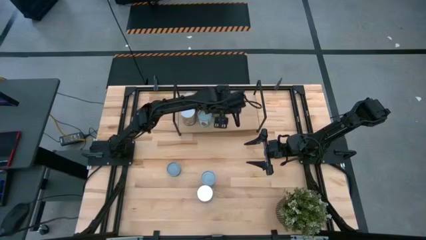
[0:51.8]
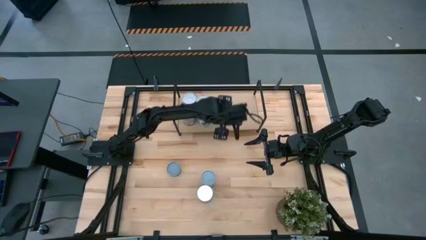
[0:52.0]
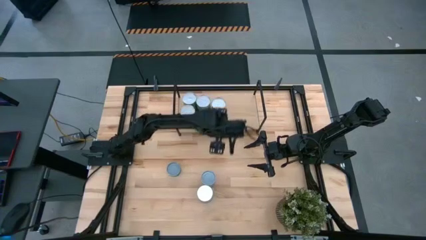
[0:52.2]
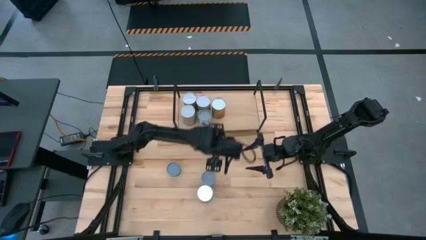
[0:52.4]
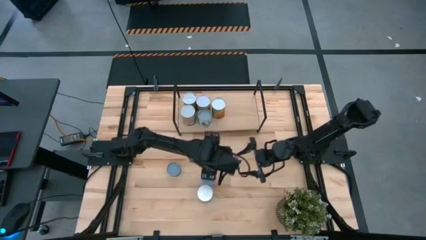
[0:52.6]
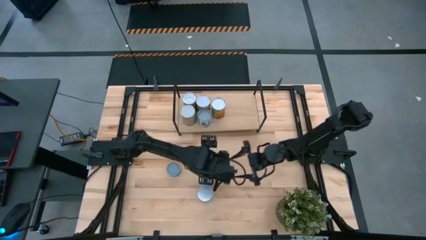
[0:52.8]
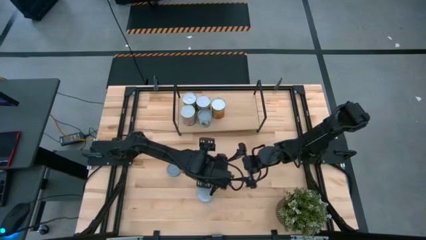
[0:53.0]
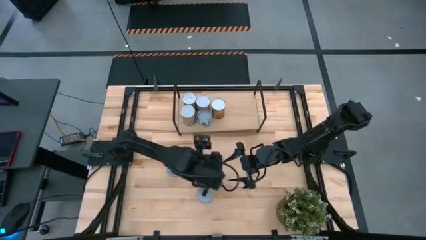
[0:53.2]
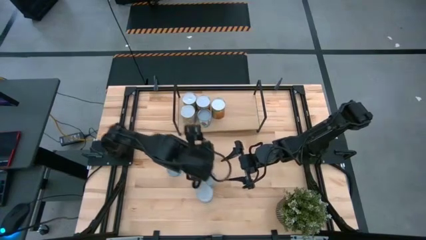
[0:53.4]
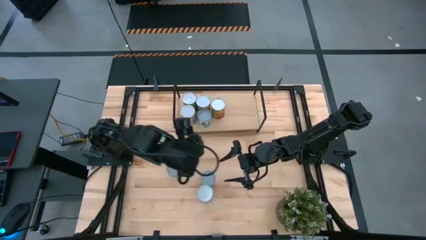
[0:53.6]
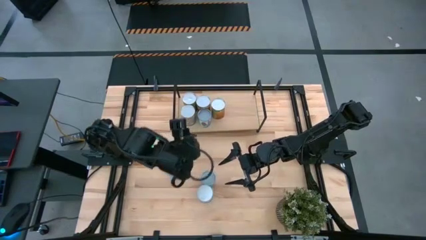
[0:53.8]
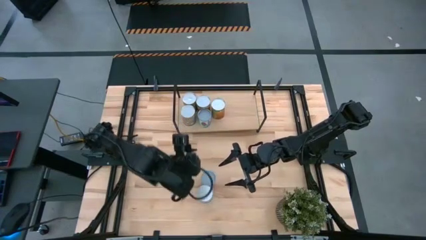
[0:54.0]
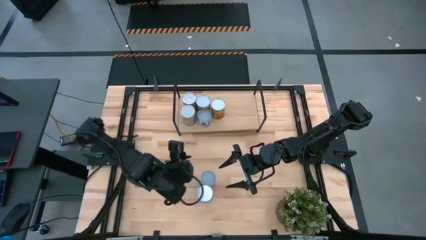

Activity: Pictures stay out. Everything else in the listing gets printed exactly.

Problem solution:
[0:51.8]
[0:52.0]
[0:52.2]
[0:52.4]
[0:52.6]
[0:52.8]
[0:53.0]
[0:53.2]
[0:53.4]
[0:53.6]
[0:53.8]
[0:54.0]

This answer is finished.